Batman Sonsöz Gazetesinin en istikrarlı emekçisiyim.
Gazetenin Sahibi Ercan Atay bunu görmese de ben bunun farkındayım.
Sonsöz Gazetesi benim ikinci evim olmuş adeta.
Buradan ayrılmayı hiçbir zaman düşünmedim.
Ama son zamanlarda siyasette parti değişikliği, fena şekilde aklımı çeliyor.
Siyasi parti değiştiren başkanların açıklamalarına ve vaatlerine bakınca insanın saf değiştiresi geliyor.
El üstünde tutulacağın bir yer, iktidar nimetleri, devlet nazarında itibar, protokolün ön sırlarında sana ayrılan yerler, cezbedici…
Düşünün, iktidara yakın bir gazetede yazıyorsun.
Tüm kapılar açılıyor sana.
Bir anda en iyi yazar olursun, el üstünde tutulursun.
Herkes etrafında gülücükler saçar.
Kimse sana karışmaz.
Ne yazsan suç değil.
Yazdıkların dikkate alınır.
Beni tanıyanlar biliyor, bu bana yakışmaz.
Çünkü 35 yıllık gazetecilik serüveninde halkı bilgilendirme, hakkı ve hukuku korumak adına, sessizlerin sesi olmak amacı ile hak temelli bir çizgide binlerce makale, bir o kadar haber yazdım.
Bunu belli bir ücret ve maaş karşılığında yazmadım.
Bir menfaat ve çıkar gözetmedim.
Bir yerlere gelmek, bazı kapıları açmak için de Sonsöz Gazetesi ismini şantaj aracı olarak kullanmadım.
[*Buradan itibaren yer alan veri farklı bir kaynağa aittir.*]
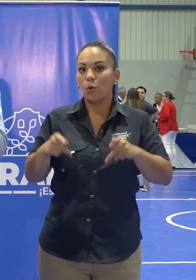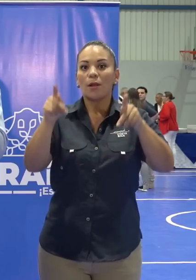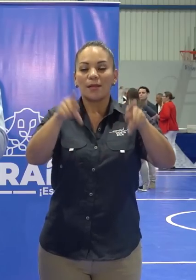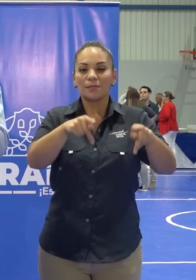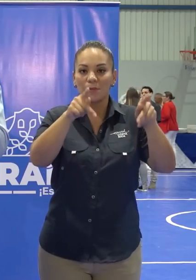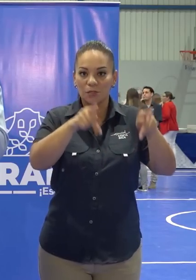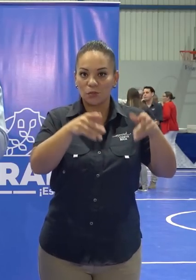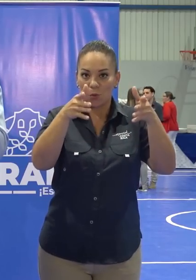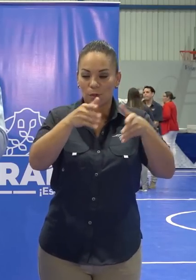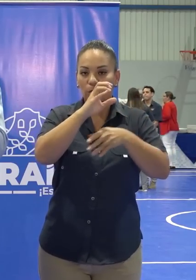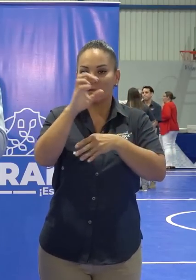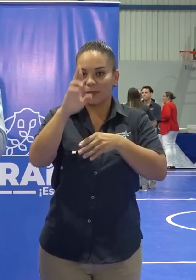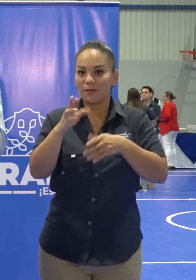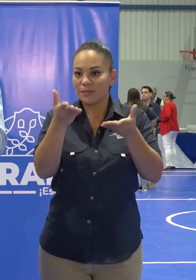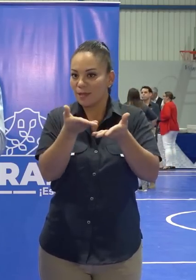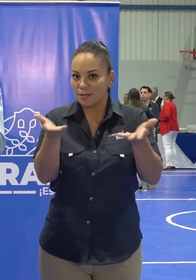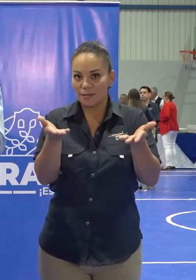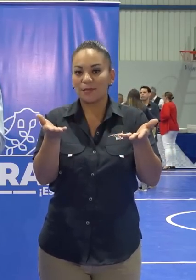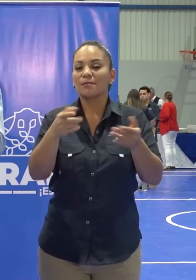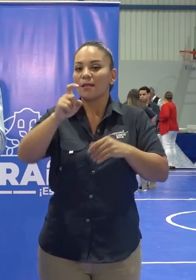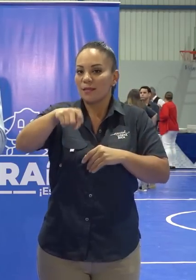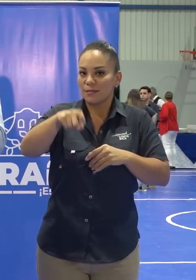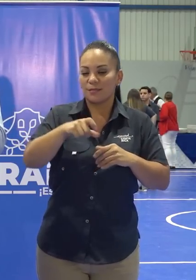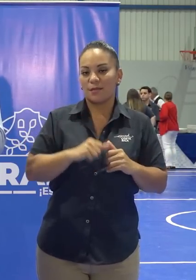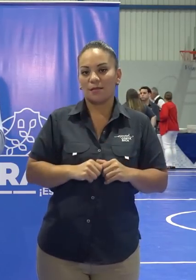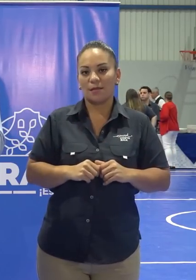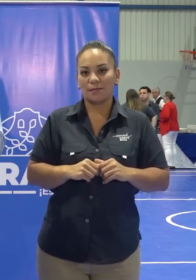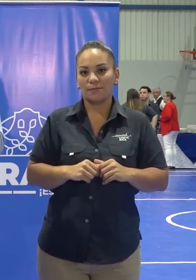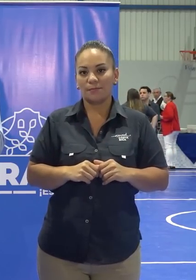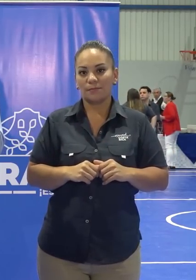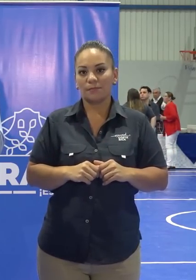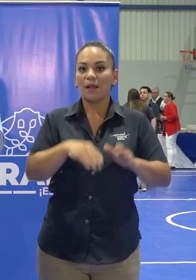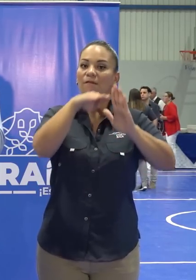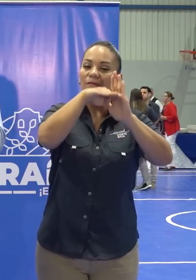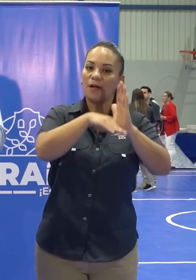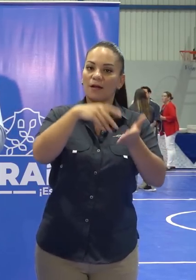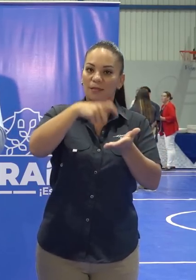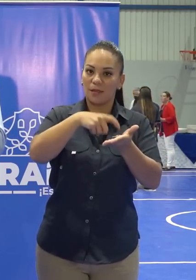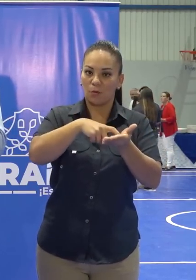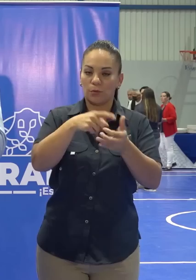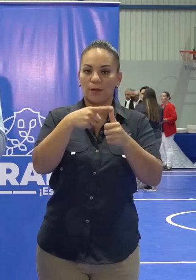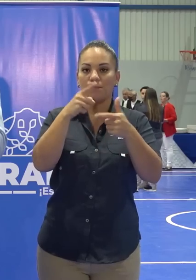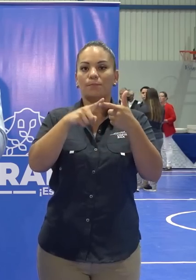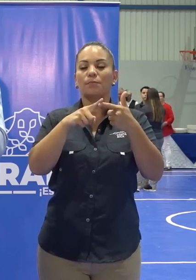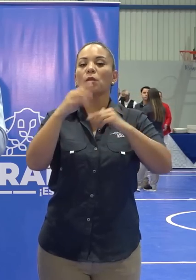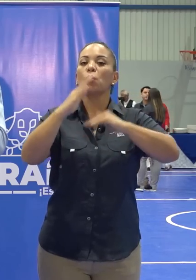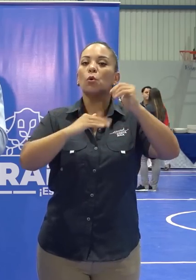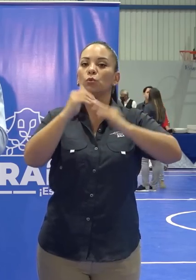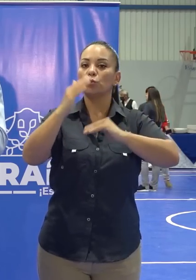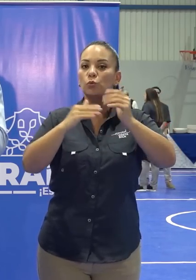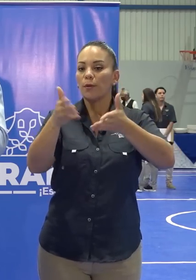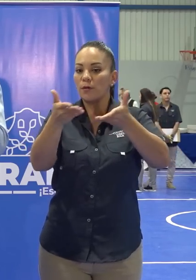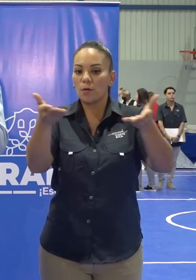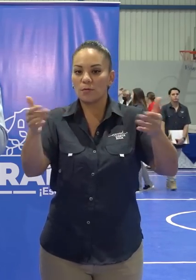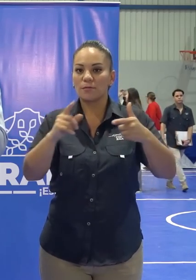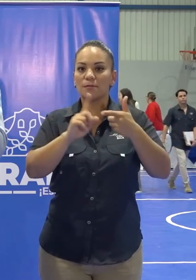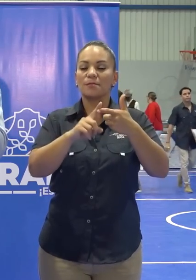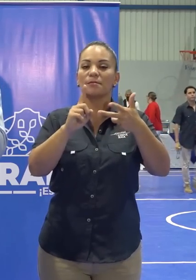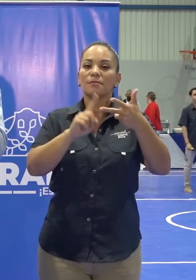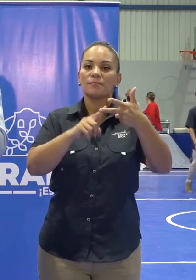y ciudadana común y corriente necesita. Bajar la deuda, construir infraestructura,

Yemekli toplantılara ve açılışlara gitmedim.
Yaranmak için kılıktan kılığa girmedim.
Gelene ağam, gidene paşam demedim.
Çizgimden şaşmadım.
Karakterimden ve ilkelerimden taviz vermedim.
Eğilip bükülmediğim için de kamu yöneticileri, siyaset, ticaret, feodal yapılar ve iş insanları arasında çok tutulmadım, sevilmedim ve sayılmadım.
Ne acıdır ki hakkını hukukunu savunduklarım da beni pek anlamadı.
Mevcut düzene ve çarka ayak uydurmadım diye anlaşılmaz biri oldum.
Yazımı okumaya devam edenler de beni anlamak için halen takipteler.
‘Beni tek bu anladı’ diyeceğim kimse yok.
Meslektaşlarım bile gazeteye ‘her gün her gün yazınca ne değişiyor’ diyor.
Düşün, seninle aynı işi yapanlar bile seni anlamıyor.
Bazen ben bile kendimi anlamakta zorlanıyorum.
Ne garip bir durum değil mi, insanın da yaptığı işe anlamaması.
Gerçekten zor bir durum.
Bu zor durum kafa karışıklığına da neden oluyor.
Bütün bunların sebebini biliyorum.
Boyun eğememek ve bükülmemektir, tek nedeni.
Şerefli ve satın alınmamaktır.
Adaletsizlik karşısında susmamaktır.
Bu meslekte ağrıttığım saç ve sakalıma bakınca bu saatten sonra değişmeyeceğimi de biliyorum.
Gazete değiştirsem de mevcut şartlar içerisinde Sonsöz Gazetesinden daha özgürlükçü, ilkeli bir gazete bulursam değiştiririm.